Powrót do przeszłości. Czym jest tajemnicze zjawisko deja vu?

Deja vu jest to odczucie, że aktualnie doświadczana sytuacja wydarzyła się już kiedyś w przeszłości mimo, że racjonalnie jest to niemożliwe. Mimo wielu prób wyjaśnienia tego zjawiska, nadal pozostaje pewnego rodzaju tajemnicą ludzkiej psychiki. Temat ten w ciągu wieków fascynował wielu myślicieli, każdy z nich starał się dojść do tego, jakie mechanizmy odpowiadają za to zjawisko. Mimo to obecnie nie ma jednej teorii, która jasno by tłumaczyła genezę deja vu - przyjmuje się, że każda z nich może mieć w sobie pewne ziarno prawdy. Jakie są możliwe mechanizmy tego zjawiska? Wyjaśniamy.

Historia deja vu

Odpowiedź na pytanie czym jest deja vu, próbowali uzyskać już wielcy starożytni filozofowie, m.in. Pitagoras, Platon czy Arystoteles. Wiązali oni to zjawisko z reinkarnacją, czyli wierzeniem, że dusza żywego organizmu może po śmierci wcielić się w nowy byt fizyczny - człowieka, zwierzę bądź roślinę. Poczucie, że dana sytuacja przydarzyła się już kiedyś, mimo że pod względem racjonalnym nie było to możliwe, miało być pewnego rodzaju wspomnieniem poprzednich wcieleń.
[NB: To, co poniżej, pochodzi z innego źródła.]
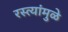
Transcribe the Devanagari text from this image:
रस्त्यांमुळे
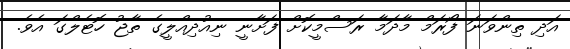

Największy rozkwit zainteresowania zjawiskiem deja vu nastąpił w XIX i XX wieku, wraz z rozwojem myśli psychologicznej i nauk o funkcjonowaniu mózgu człowieka. W tym okresie powstało mnóstwo różnych teorii próbujących wyjaśnić to, czym jest deja vu i dlaczego człowiek może je odczuwać. Wielu ówczesnych filozofów debatowało między sobą, próbując dojść do istoty problemu. Jednak do tej pory nie ma jednej ogólnie przyjętej teorii, która byłaby w stanie wyjaśnić to zjawisko. 

Reklama

Deja vu jako zwiastun napadu padaczkowego

Bardzo wcześnie, bo już w połowie XIX wieku zauważono, że zjawisko deja vu często towarzyszy napadom padaczkowym, których źródło znajduje się w płacie skroniowym niedominującej półkuli mózgu. Ta część mózgowia jest odpowiedzialna m.in. za rozumienie mowy, pamięć, rozpoznawanie osób i obiektów a także przetwarzanie bodźców słuchowych.

Niemal trzy dekady później, w 1880 roku znany ówczesny angielski lekarz John Jackson zauważył, że pacjenci z uszkodzeniem w tylnej części płata skroniowego również częściej doświadczają zjawiska deja vu w porównaniu do zdrowych osób. Co ciekawe, dzięki tej obserwacji w 1955 roku udało się je po raz pierwszy wywołać w warunkach eksperymentalnych, co dodatkowo potwierdziło hipotezę angielskiego medyka.  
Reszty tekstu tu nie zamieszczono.